Russell Graham survived the morning his stepfather killed his mother and shot him several times before setting the house on fire and taking his own life.

LAURENS COUNTY, Ga. — Exactly a month ago, the Laurens County Sheriff’s Office says a man killed his wife, shot his 16-year-old stepson, and set their house on fire before taking his own life. Now, 16-year-old Russell Graham is sharing his story.

Graham survived the morning his stepfather, Sunoco Wiggins, killed his mother, Shiina Gaston. Leading up to that day, Graham says Wiggins showed signs of aggression and verbal abuse – he even stalked the family.

Although Graham’s mother tried to get out of the situation and get help, she was too late. He says Wiggins broke down the door to get inside around 2:30 a.m.

“All I heard was my mom scream, and then I heard a gunshot,” said Graham.

The couple knew each other for seven years and were married for three until Gaston decided she needed to leave. The two were separated for just six days at the time of the murder-suicide. In that time, Wiggins was served with a protective order and divorce papers.

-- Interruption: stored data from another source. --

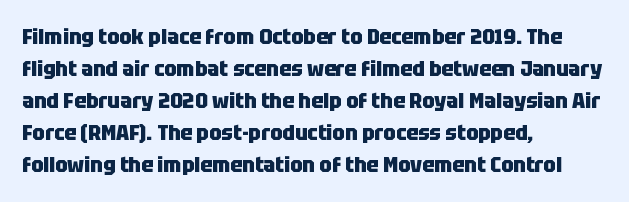
These lines were composed using upright roman letters. Bare-footed words on every line. The vertical gap from one line to the next is medium. Leftover space on each line is placed entirely after the last word. The line texture is even and compact thanks to regular tracking.
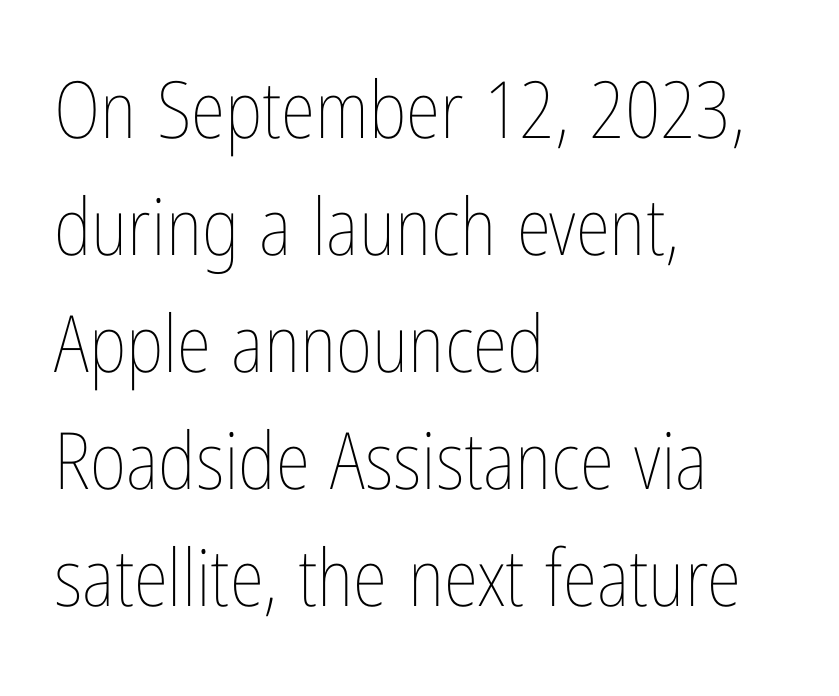
{"italic": "no", "bold": "no", "weight": "thin", "width": "condensed", "stroke_contrast": "low", "x_height": "medium", "monospaced": "no", "underline": "no", "align": "left", "line_spacing": "normal", "line_spacing_ratio": 1.48, "letter_spacing": "normal", "letter_spacing_em": 0.0, "glyph_px": 79}
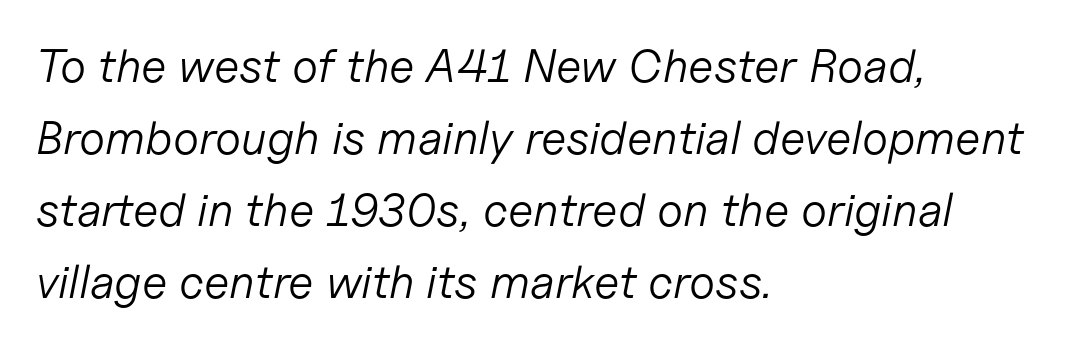
The image shows 47 px light type, italic (leaning right); set left-aligned, normal line spacing (1.53x), normal letter spacing, not underlined; low stroke contrast and a medium x-height.
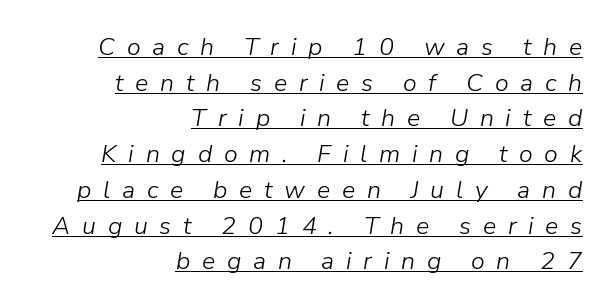
The image shows 25 px text type, italic (leaning right); set right-aligned, normal line spacing (1.43x), unusually wide letter spacing (+0.47 em), underlined.
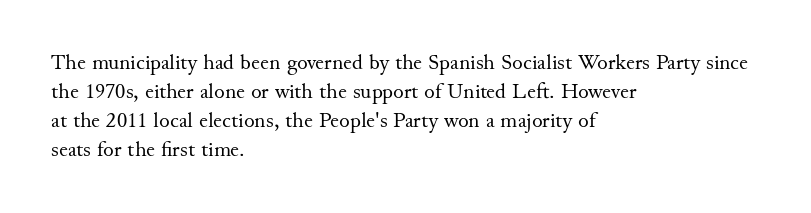
The image shows 22 px text type, upright; set left-aligned, normal line spacing (1.32x), normal letter spacing, not underlined.
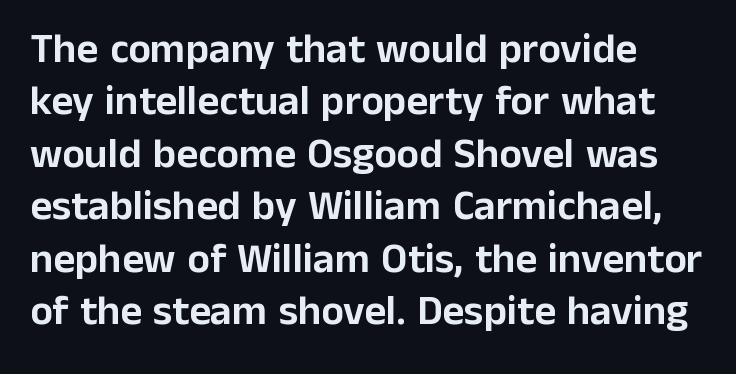
Note the varied advance widths — an 'i' is clearly narrower than an 'm'. The face used here is rendered with its standard letterfit. It's the straight-up-and-down kind of type. The typeface chosen for these lines omits serifs. The designer left line spacing at the default. Unmarked baselines from the first word to the last.
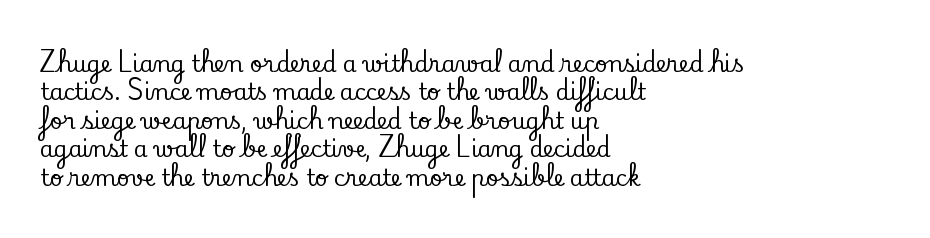
{"italic": "no", "underline": "no", "align": "left", "line_spacing": "normal", "line_spacing_ratio": 1.29, "letter_spacing": "normal", "letter_spacing_em": 0.0, "glyph_px": 22}
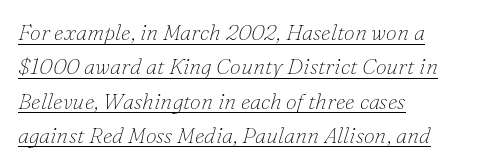
The tracking reads as untouched default to a designer's eye. Horizontally, the lines are justified to the leading edge only. Reading down the column, the eye jumps a familiar distance to each next line. A typographer would call this underscored text. Style check: oblique.
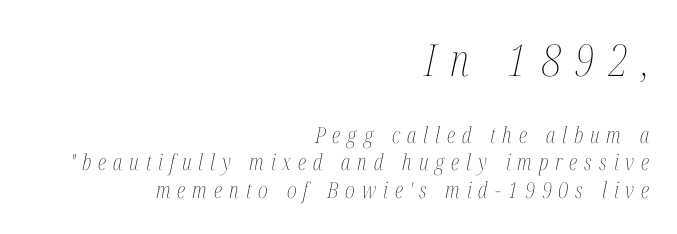
Q: Is the text bold? A: No.
Q: Is the text italic (slanted)? A: Yes, it leans right by about 12 degrees.
Q: Is the text underlined? A: No.
Q: How is the paragraph aligned? A: Right-aligned.
Q: Is the spacing between letters normal or unusually wide? A: Unusually wide.
Q: Is the spacing between lines tight, normal or loose? A: Normal.
Q: Which block of text is set in a larger size, the first (top) or the second (bottom)? A: The first (top) one.
Q: Width (condensed, normal, or wide)? A: Condensed.
Q: Stroke contrast? A: Medium.
Q: x-height? A: Medium.
Q: Monospaced? A: No.
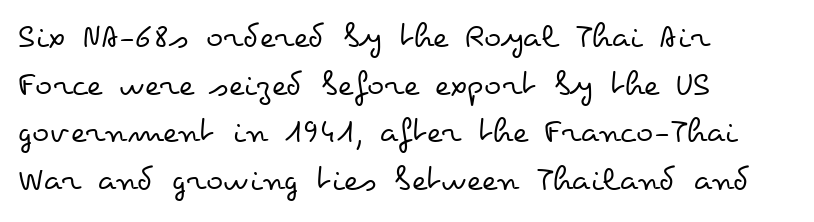
The image shows 36 px regular-weight, wide type, upright; set left-aligned, normal line spacing (1.32x), normal letter spacing, not underlined; low stroke contrast and a small x-height.
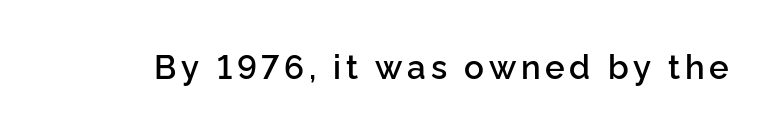
Spacing verdict: proportional, widths tailored to each character. Posture: vertical. The zone under the glyphs is completely vacant. Compared with an ordinary text face, these strokes are moderately heavier — a semibold. Nope, no serifs anywhere on these letters.
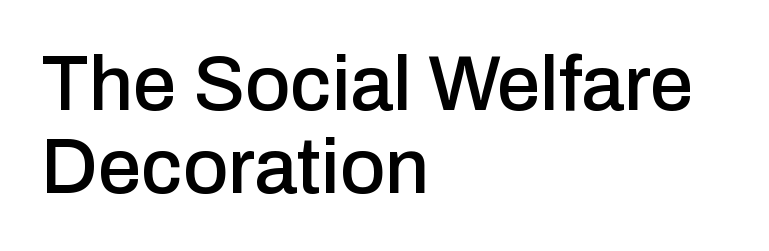
{"serif": "no", "italic": "no", "width": "normal", "stroke_contrast": "low", "x_height": "medium", "monospaced": "no", "underline": "no", "align": "left", "line_spacing": "tight", "line_spacing_ratio": 1.06, "letter_spacing": "normal", "letter_spacing_em": 0.0, "glyph_px": 78}
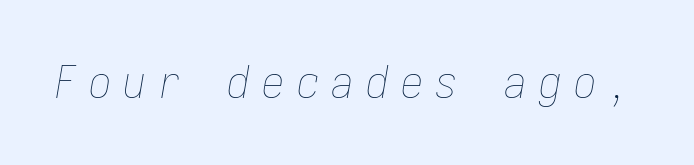
The image shows 45 px thin, condensed type, italic (leaning right); set unusually wide letter spacing (+0.27 em), not underlined; low stroke contrast and a medium x-height.

“I walk out of my room and then I see him shoot again. He shoots my mom and then I see her fall, and then he looks at me, turns the gun on me, and then shoots me in my chest. That’s the first wound,” said Graham.

Wiggins punctured Graham’s lung, then proceeded to shoot him seven more times. He shot him in the back, quad, and foot.

The family says the way Wiggins acted did not come as a surprise. Graham’s brother, DeAnthony Rhodes, told him things didn’t seem right the week or two before.

“’Be prepared to protect yourself. It seems like Noco may really just come over there and start shooting,’” recalled Graham.

The brothers describe Wiggins as an aggressive and controlling person. He stalked their mother and would throw a fit if he didn’t get his way. It started as verbal abuse and escalated.

“At one point my mom was in a school meeting at the school, and she had told him that. She wasn’t answering his calls because of that. He called her 136 times just because she wasn’t answering the phone,” he said.

Three days before the papers were served, Shiina Gaston stayed at Rhodes’ house.

“I saw how she was acting here. My mom was never a scared person, but I knew something was off and I knew she felt that way too,” said Rhodes.

She went back to her own house once the papers were served. Although she’s not here with him today, Russell says his mother would want him to live his life to the fullest.

“My mom would have wanted me to survive. I’m happy I could do that for her. I’m trying to make the most out of my life in dedication to her,” said Graham.

Gaston’s oldest son, Christopher Holman, says he never wants anyone to go through something like this.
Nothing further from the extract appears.